Let's say there are 5 computers, 1 is the master and the 4 others are the slaves. So how does the master receive the combined processing power of the 5 computers (or sub-systems) combined?
I wish I knew the answer to that since I have been trying to get something like that working for quite some time but I will take a shot.
Basically you have 2 ways of taking advantage of such a set of computers ... one which would be fantastic if it could overcome latency hurdles of not having shared hash and shared memory, would be to have the master give out search instructions to each of the slaves so that it follows the search requirements of the master computer. That would be basically mimicking how a normal parralel search would work in a non clustered multi processor computer with shared memory. Unfortunately this is not so easy as even with the fastest optical LAN networks the latencies are very high and you will end up with latencies dramatically affecting overall strength of the master. I guess there must be some progress in this area, and if someone does manage to crack this nut then it would open a completely new frontier to available hardware for chess, since any available hardware could be used for slaves even if it is much less powerful than the master. You could say solving this would be the Holy Grail of Cluster Chess computing.

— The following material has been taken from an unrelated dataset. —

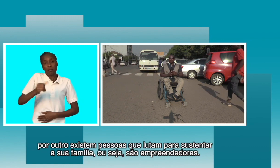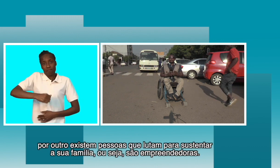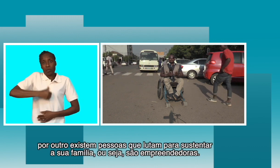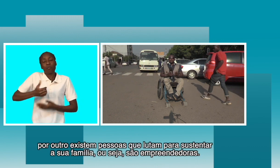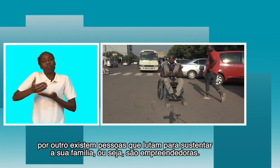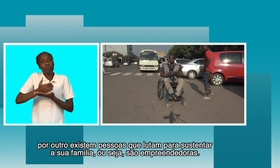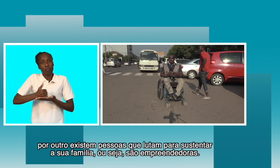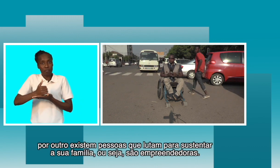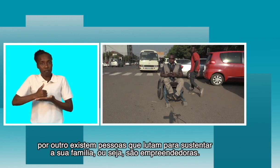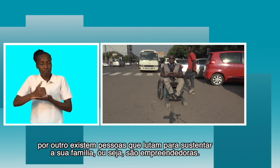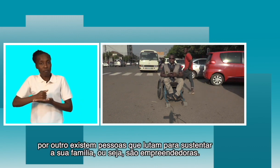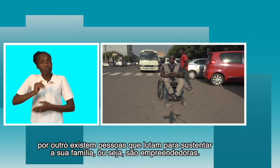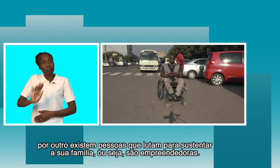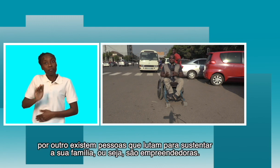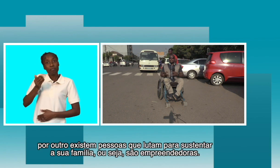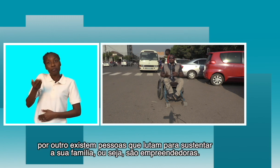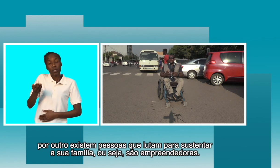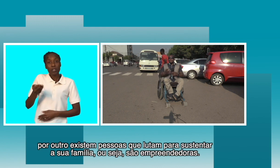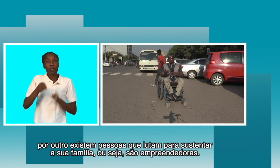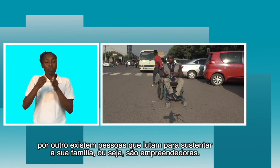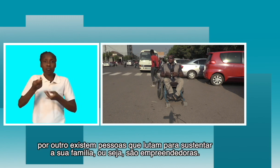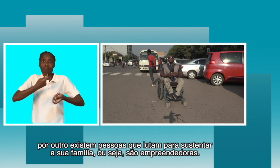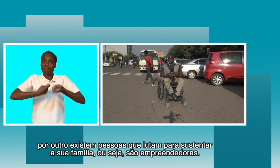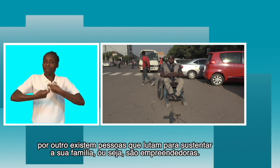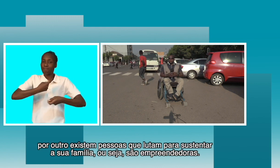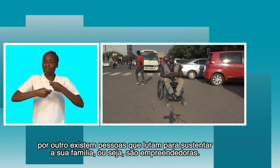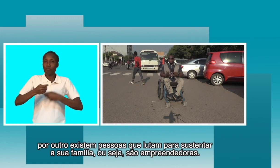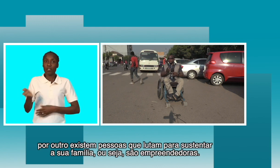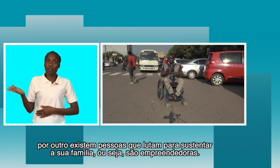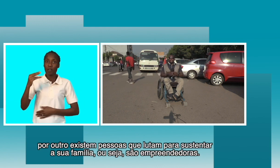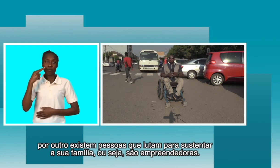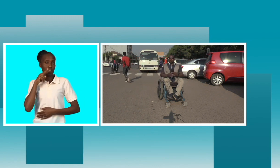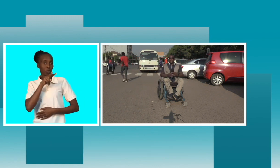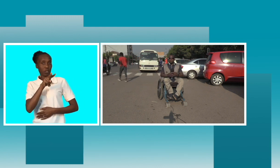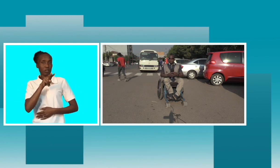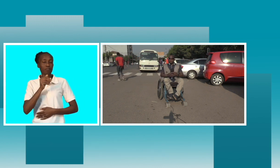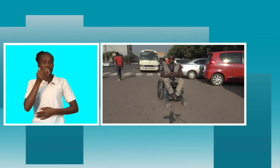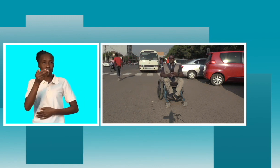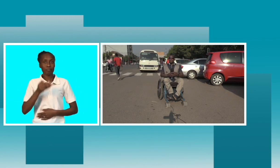para ter o seu autoassistente. Ou seja, são empreendedores. Então, vejam a seguir.

The other method is totally different and picks up on a system many freestyle players are already using manually. First you make sure that you don't do any harm, thus you have one master computer running alone while passively observing the slaves. The master would be running normally and then you would have one slave with equivalent strength to the master running MPV mode. This slave would feed its top lines not being observed by the master to other slaves and will then look to see if there is an evaluation bonus ... if so then a trigger difference would change the state of the passive master to pick up this new move and incorporate it. Obviously for such a system to work properly you would need to have almost identical hardware strength using identical engines, otherwise it would be impossible to decide which evaluation is more accurate. You can observe how this system is useful by setting up some test positions and letting the engine search it. You will find that if you force the engine to search one particular move it will immediately find it is good and give a high score, yet when you let the engine search the position alone it will take much much longer to find the correct move. In a system where 5 variations are being searched, the search tree will be dramatically more robust and deep, and thus the cluster should play much stronger than the master alone. The advantage of this system is that it would be quite easy to implement without messing around with the original engine. As a matter of fact someone could probably write a script or a driver that would not be engine specific. The disadvantage is that you are only as strong as your weakest link, thus the master and slaves have to be of equal strength. Obviously this is stating it simply and there are many more factors involved, but it gives you the idea.
I think Vas has done his cluster using something of both systems described here, but am not sure how DS is doing it. I have looked at early Rybka Cluster games when it was using Rybka 3 code, and I was able to reproduce every single move (including some of the stunning strong moves) by manually doing what I described above. I have looked at the latest Rybka Cluster games and this time I was not able to reproduce all the moves. My guess would be that Rybka Cluster code has become more efficient and is using some search optimizations of shared memory ... or that the new Rybka engine code itself has changed (or improved).